A Meditation on Ray Wallace and Bigfoot

Part Two: In Which Ray Wallace Has a Snit

In this post you learned how some Pharyngulites — otherwise sensible folks — had turned strident and shrill over the subject of the sasquatch. In this post you’ll learn part of the reason why they’re that way.

The story begins in 1958 when, as told in this account at Wikipedia, sasquatch footprints were found at Bluff Creek, a construction site in  Northern California. The finder, one Jerry Crew, took photographs and casts of the footprints and took them to a local paper in Eureka CA. The paper published the story and it was picked up by news outlets around the world.
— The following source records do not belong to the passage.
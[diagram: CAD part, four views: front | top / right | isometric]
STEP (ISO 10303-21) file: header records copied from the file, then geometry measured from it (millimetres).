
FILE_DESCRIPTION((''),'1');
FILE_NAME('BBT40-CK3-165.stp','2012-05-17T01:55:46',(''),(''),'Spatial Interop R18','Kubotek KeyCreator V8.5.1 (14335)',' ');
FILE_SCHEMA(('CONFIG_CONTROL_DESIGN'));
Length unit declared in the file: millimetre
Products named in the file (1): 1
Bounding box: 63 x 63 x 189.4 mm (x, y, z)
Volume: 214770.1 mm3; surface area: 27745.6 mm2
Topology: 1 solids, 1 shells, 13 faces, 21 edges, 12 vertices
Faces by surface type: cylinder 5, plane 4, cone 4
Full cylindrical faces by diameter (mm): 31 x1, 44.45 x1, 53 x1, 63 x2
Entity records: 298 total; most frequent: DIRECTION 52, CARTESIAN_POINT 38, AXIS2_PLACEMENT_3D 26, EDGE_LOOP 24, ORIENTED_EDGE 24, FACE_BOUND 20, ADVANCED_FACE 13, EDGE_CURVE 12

At the time Mr. Crew worked for one Wilbur L. Wallace, brother of Raymond L. Wallace. The Wallace’s had a project to complete, and knew that a scientific investigation of this find would delay that project, if not shut it down completely. Ray Wallace also didn’t believe in sasquatch and thought it a waste of time to investigate. So Ray came up with a plan.

Reporter John Green has written a commentary on the Bluff Creek tracks, real and fake, and Ray Wallace’s part in the latter. Mr. Green gives a much better picture of Mr. Wallace’s duplicity than I ever could, so I won’t be repeating what he said. What I can say is that Ray Wallace and his fakes played to prejudices, for great apes in North America were known to be impossible because there was no known way for great apes to migrate into the continent from Eurasia.
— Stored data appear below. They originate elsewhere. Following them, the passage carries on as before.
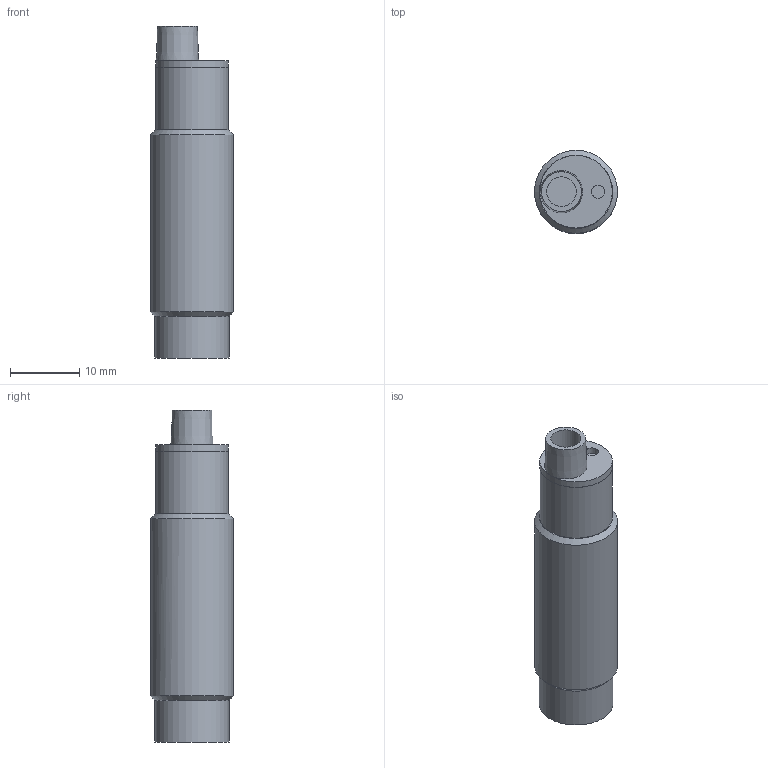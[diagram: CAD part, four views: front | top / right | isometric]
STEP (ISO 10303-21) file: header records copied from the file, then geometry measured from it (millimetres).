
FILE_DESCRIPTION (( 'STEP AP214' ), '1' );
FILE_NAME ('DSD-0276.STEP', '2020-09-23T13:39:49', ( '' ), ( '' ), 'SwSTEP 2.0', 'SolidWorks 2019', '' );
FILE_SCHEMA (( 'AUTOMOTIVE_DESIGN' ));
Length unit declared in the file: millimetre
Products named in the file (1): DSD-0276
Bounding box: 12 x 12 x 48 mm (x, y, z)
Volume: 4481.6 mm3; surface area: 1924.1 mm2
Topology: 1 solids, 1 shells, 17 faces, 28 edges, 19 vertices
Faces by surface type: plane 8, cylinder 6, cone 3
Full cylindrical faces by diameter (mm): 1.9 x1, 4.3 x1, 10.45 x1, 10.5 x1, 10.7 x1, 12 x1
Entity records: 368 total; most frequent: DIRECTION 68, CARTESIAN_POINT 50, AXIS2_PLACEMENT_3D 34, EDGE_LOOP 32, ORIENTED_EDGE 32, FACE_OUTER_BOUND 23, ADVANCED_FACE 17, EDGE_CURVE 16

Impossible because the last great ape we know of living anywhere near the Bering Straits, the genus Giganthropithecus, died out a long time before the Bering Straits were above water during the Ice Ages. In the eyes of many scientists the very idea was ludicrous, and Wallace’s fakes played to that thinking. By showing how some footprints were faked Ray Wallace convinced scientists around the world that all the Bluff Creek footprints were faked. Thus was science ill served, and the lie of the sasquatch hoax became common wisdom.

Ray continued with his hoaxes and others joined him in effect, but pulling stunts of their own. Sometimes with false sasquatch footprints of their own, other times with footage of friends in ape costumes, and one time by placing a sasquatch costume in a broken down freezer with a chunk of meat. Being primed to accept these lies as the truth about the sasquatch, scientists bought it lock, stock, and barrel, thus building up an emotional investment in the idea that the animal had to be fake, and any evidence pointing to its existence a lie.

The truly sad thing is, work has been done showing that the original prints, and subsequent prints found on site with no connection to Ray Wallace were not faked by the man. Indeed, there is work showing that Ray Wallace could not have created the original footprints. Read John Green’s commentary (linked above) again.

So things may have remained, with new forensic evidence discounted because it didn’t fit preconceptions, until a short film appeared on the evening news.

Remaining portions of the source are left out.